You are quite right to not care about modern politics. Modern politics is vapid, boring and an excercise in rhetorical exchanges with little substance. It paradoxically is becoming more dangerous as the years go by despite being so boring.


They have greater means of destruction at their disposal to carry out their conflicts over these trivial points.

Socialism and monarchy need not contradict each other. We can even see that Social Democracy and monarchy exist in Scandinavia, perhaps it could be taken further to socialism. Socialism and conservatism are natural friends.


I think so, which is why I favor the idea without being ''utopian'' about it. If it's natural and allowed to develop, I suspect that it's far more a kind of ''default setting'' for man as a social being.


It has to be strict enough to provide the people security and the means to work for the common good without descending into tyranny and oligarchy. There could be some type of electoral and democratic mechanism but one that prevents the intrigues and puppetry of contemporary Western democracy.


Indeed. One part solution might be selective lifelong monarchy (where the monarch chooses his successor) and a legislature, and the legislature organized similar to ''soviet'' or ''council'' democracy.


We need to believe. We need something in which we can again believe with all our heart. Only this can break the utilitarian existence that pervades every day life. Not for money, not for comfort but for its own sake.


I agree, people are going to have to awaken out of their hedonistic torpor and jaded ennui and start having authentic and healthy experiences again.
#15145320
@Verv , @Potemkin , and @Political Interest ;

Recent readings of mine in scientific social studies of existing tribal societies around the world have tempered my ''enthusiasm'' for Barbarism as such; high rates of infanticide and abortion and physical and sexual abuse of children by ''adults'' (who are often merely older survivors of abuse and childhood trauma themselves, inflicting the pain they went through or witnessed upon others) who turn into hypermasculine psychopaths, effeminates, and poisonous ''witches''who continue and repeat the cycle of trauma and abuse to the next generation, is very common.

A distinction perhaps can be made between this type of mankind (I'll call them, the 'Savage', because of their cruelty to themselves and others), and peoples who can be called either Barbarian and the Civilized. However, given the nature of civilization itself in it's decadent downward spiral, it's possible in my mind that the Savage is the product of degenerate civilized peoples. We should unfortunately see then an upswing in incidents of these horrible abuses and traumas in the most advanced societies... If that's the case, it's also possible that a cycle of mankind's progress and regress exists, from which natural man cannot fully escape without the light of God's grace, to fulfill His timeless precepts and commandments.
#15145326
annatar1914 wrote:@Verv , @Potemkin , and @Political Interest ;

Recent readings of mine in scientific social studies of existing tribal societies around the world have tempered my ''enthusiasm'' for Barbarism as such; high rates of infanticide and abortion and physical and sexual abuse of children by ''adults'' (who are often merely older survivors of abuse and childhood trauma themselves, inflicting the pain they went through or witnessed upon others) who turn into hypermasculine psychopaths, effeminates, and poisonous ''witches''who continue and repeat the cycle of trauma and abuse to the next generation, is very common.

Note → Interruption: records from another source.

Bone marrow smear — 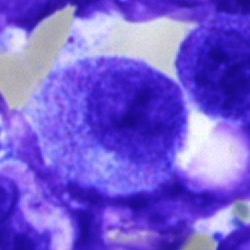

Q: What is shown here?
A: A myelocyte.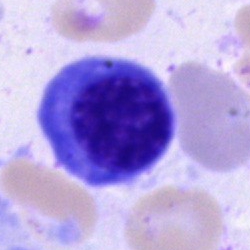

Q: What is the morphological classification of this cell?
A: Nucleated red blood cell.
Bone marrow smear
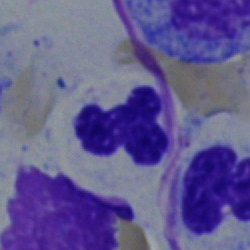 Specimen: bone marrow aspirate smear.
Morphological class: polymorphonuclear neutrophil.
Lineage: myeloid.
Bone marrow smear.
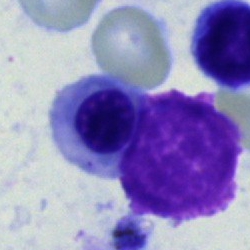 Classification: nucleated red blood cell.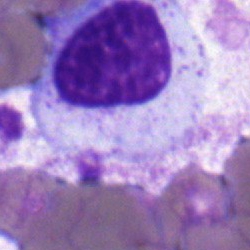Lymphocyte.
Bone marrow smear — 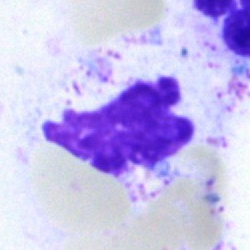Morphological class — artifact.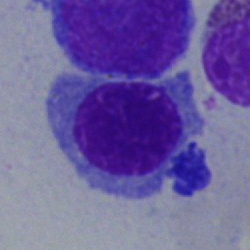

The cell type is nucleated red cell.

A distinction perhaps can be made between this type of mankind (I'll call them, the 'Savage', because of their cruelty to themselves and others), and peoples who can be called either Barbarian and the Civilized. However, given the nature of civilization itself in it's decadent downward spiral, it's possible in my mind that the Savage is the product of degenerate civilized peoples. We should unfortunately see then an upswing in incidents of these horrible abuses and traumas in the most advanced societies... If that's the case, it's also possible that a cycle of mankind's progress and regress exists, from which natural man cannot fully escape without the light of God's grace, to fulfill His timeless precepts and commandments.


Maybe the distinction could be made between not so much barbarian and civilised but rural and urbanised.

Most rural societies with roots in the land have the barbarian traits you have mentioned but not all have the savage traits.
#15145351
Political Interest wrote:Maybe the distinction could be made between not so much barbarian and civilised but rural and urbanised.

Most rural societies with roots in the land have the barbarian traits you have mentioned but not all have the savage traits.


@Political Interest ;

I think that in general you are quite correct, although I'd say that more hunter-gatherers are probably as such in places like New Guinea and other lands. In the urban centers I believe that it is more prevalent than many want to admit, and almost the opposite of what the entertainment media suggest between the rural/urban divide.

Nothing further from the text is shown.